Start of Data for this task
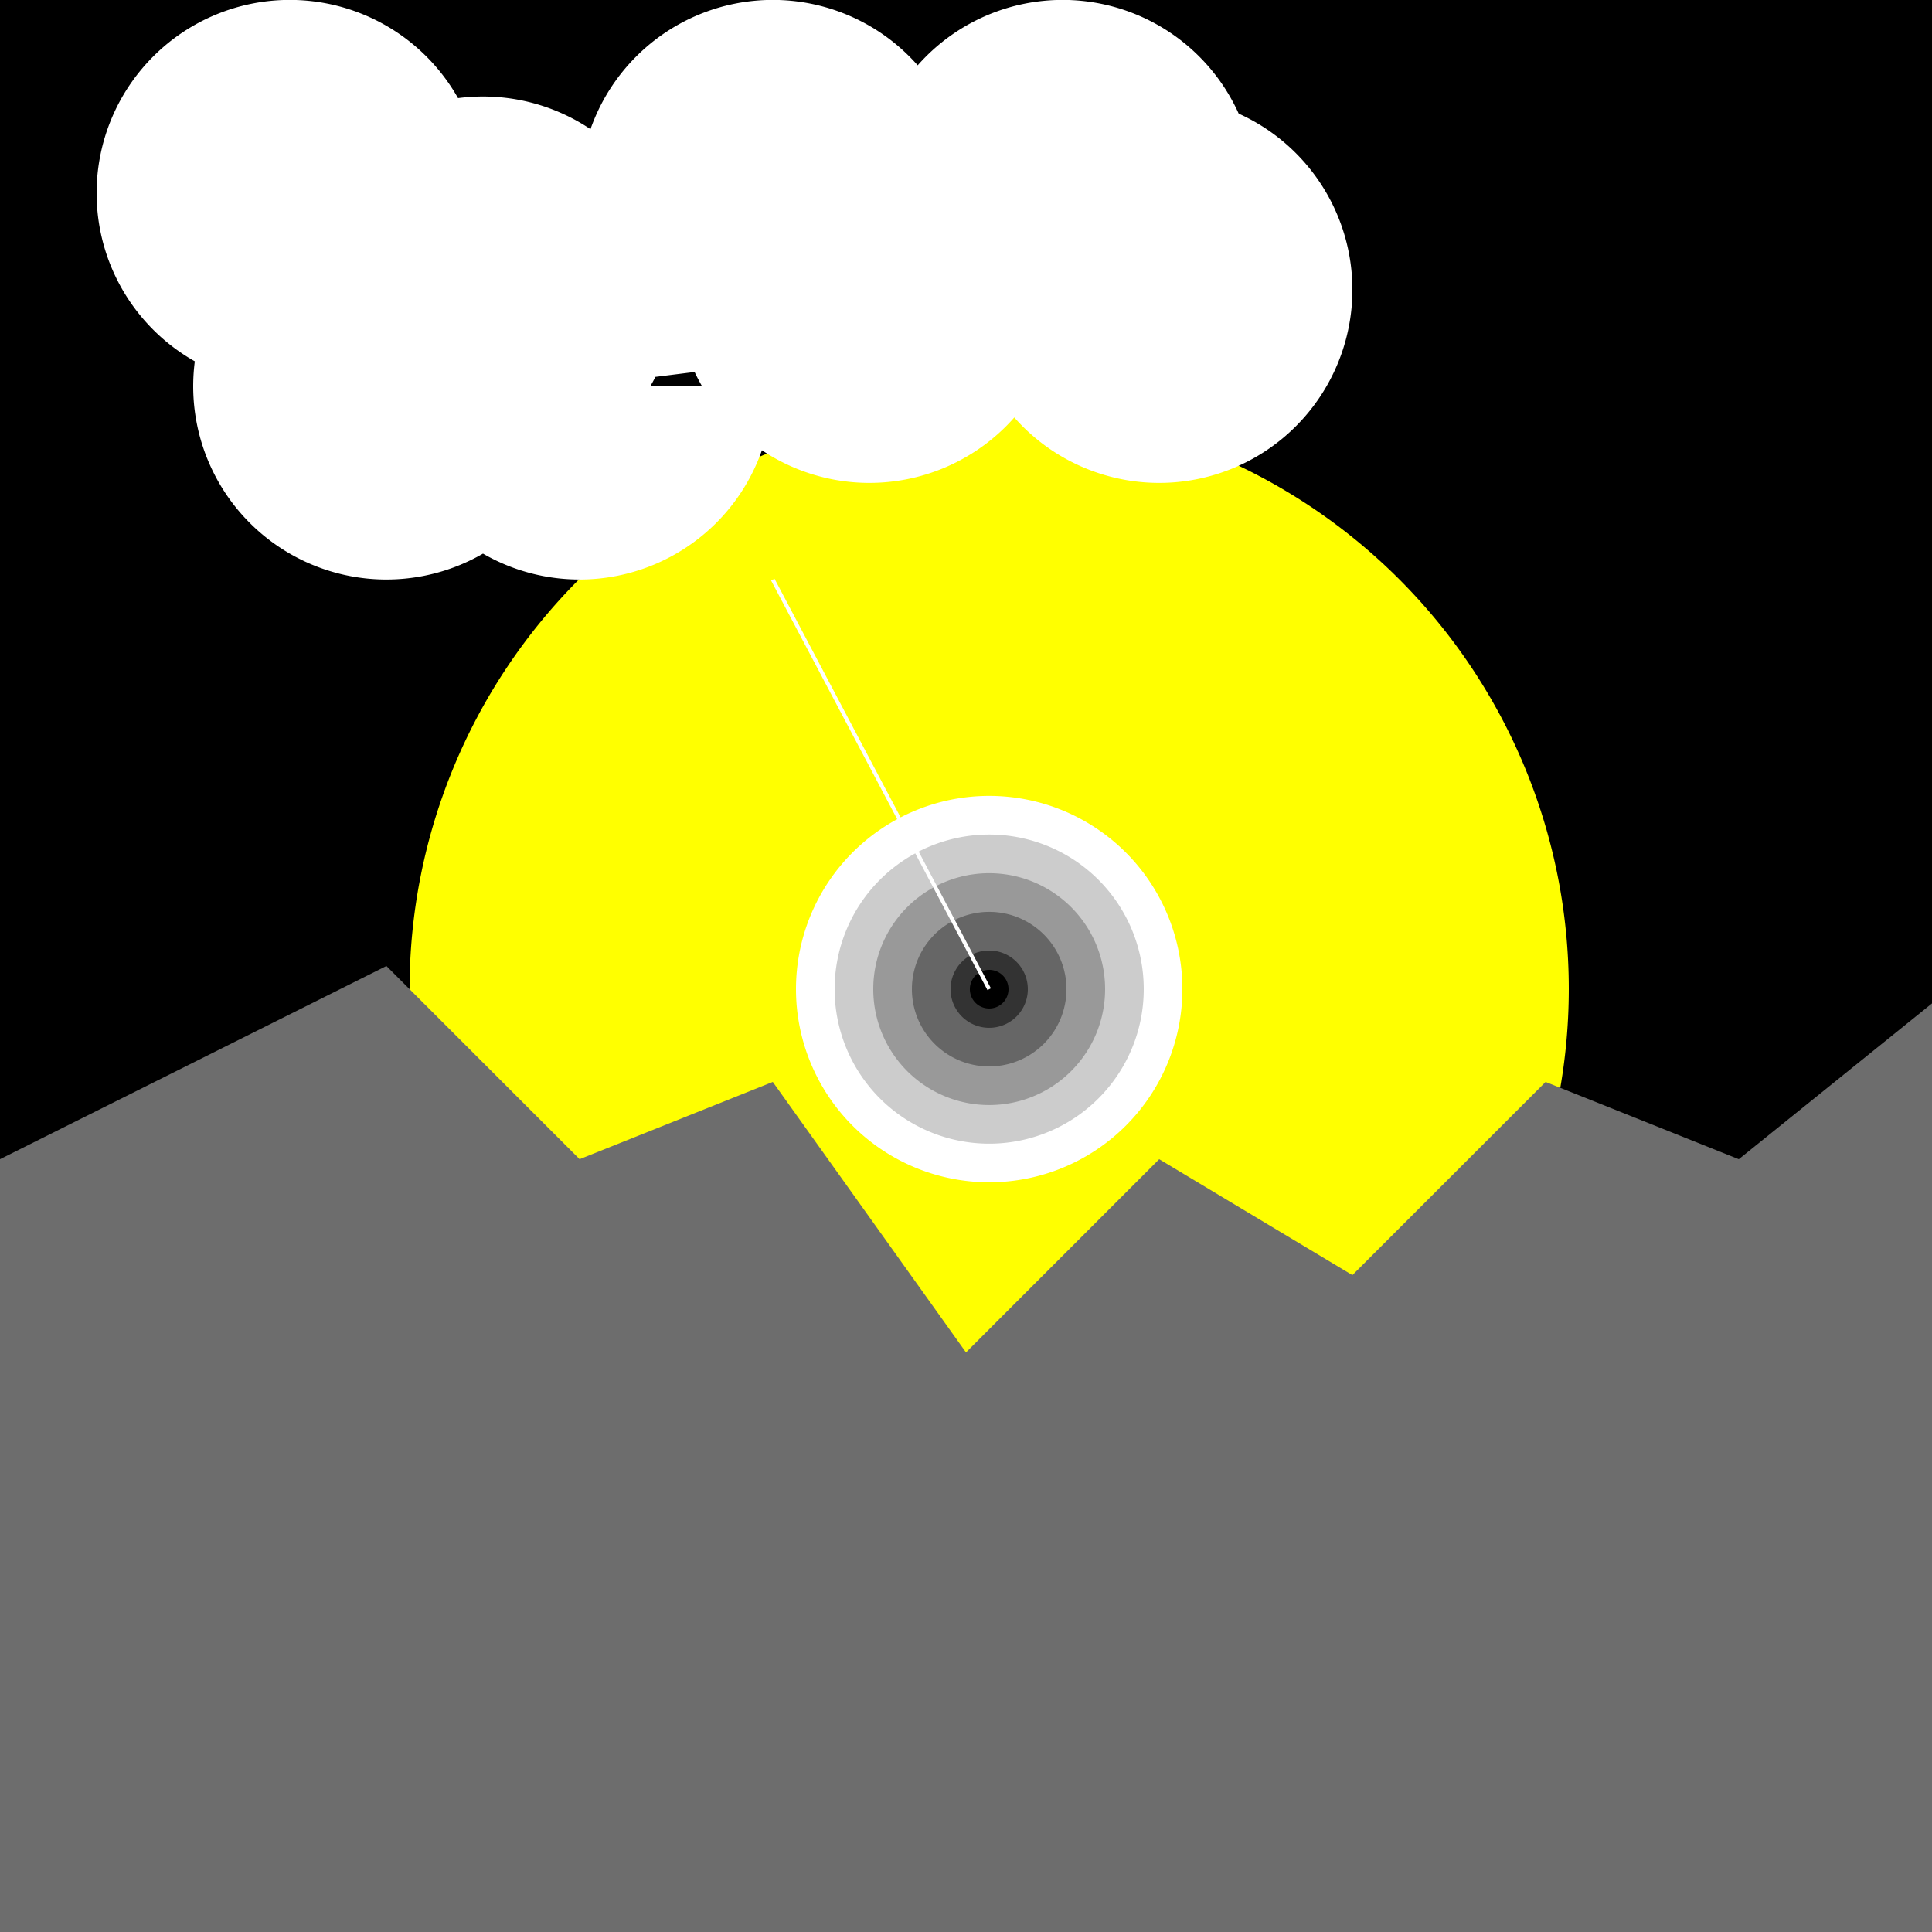 <!--

Generated by DrawGPT.
Free, open source, AI generated images in SVG, PNG, and HTML Canvas format.
https://drawgpt.ai

Created: 2023-09-26T04:18:54.496Z
Link: https://drawgpt.ai/prompt/22736/

-->
<svg xmlns="http://www.w3.org/2000/svg" xmlns:xlink="http://www.w3.org/1999/xlink" width="500" height="500"><defs/><g><rect fill="#000000" stroke="none" x="0" y="0" width="512" height="512"/><path fill="#ffff00" stroke="none" paint-order="stroke fill markers" d=" M 406 256 A 150 150 0 1 1 406 255.85"/><path fill="#ffffff" stroke="none" paint-order="stroke fill markers" d=" M 150 100 A 50 50 0 1 1 150 99.95 L 200 100 A 50 50 0 1 1 200 99.95 L 175 75 A 50 50 0 1 1 175 74.95 L 125 50 A 50 50 0 1 1 125 49.95 L 250 50 A 50 50 0 1 1 250 49.95 L 275 75 A 50 50 0 1 1 275 74.95 L 325 50 A 50 50 0 1 1 325 49.95 L 350 75 A 50 50 0 1 1 350 74.95"/><path fill="#6d6d6d" stroke="none" paint-order="stroke fill markers" d=" M 0 512 L 0 300 L 100 250 L 150 300 L 200 280 L 250 350 L 300 300 L 350 330 L 400 280 L 450 300 L 512 250 L 512 512"/><path fill="#ffffff" stroke="none" paint-order="stroke fill markers" d=" M 306 256 A 50 50 0 1 1 306 255.95"/><path fill="#cccccc" stroke="none" paint-order="stroke fill markers" d=" M 296 256 A 40 40 0 1 1 296 255.96"/><path fill="#999999" stroke="none" paint-order="stroke fill markers" d=" M 286 256 A 30 30 0 1 1 286 255.97"/><path fill="#666666" stroke="none" paint-order="stroke fill markers" d=" M 276 256 A 20 20 0 1 1 276 255.98"/><path fill="#333333" stroke="none" paint-order="stroke fill markers" d=" M 266 256 A 10 10 0 1 1 266 255.99"/><path fill="#000000" stroke="none" paint-order="stroke fill markers" d=" M 261 256 A 5 5 0 1 1 261 255.995"/><path fill="none" stroke="#ffffff" paint-order="fill stroke markers" d=" M 256 256 L 200 150" stroke-miterlimit="10" stroke-dasharray=""/></g></svg>
End of Data for this task
Exercise: Bring together all lines of the entries above in which the string "https" occurs.

Answer section:
https://drawgpt.ai
Link: https://drawgpt.ai/prompt/22736/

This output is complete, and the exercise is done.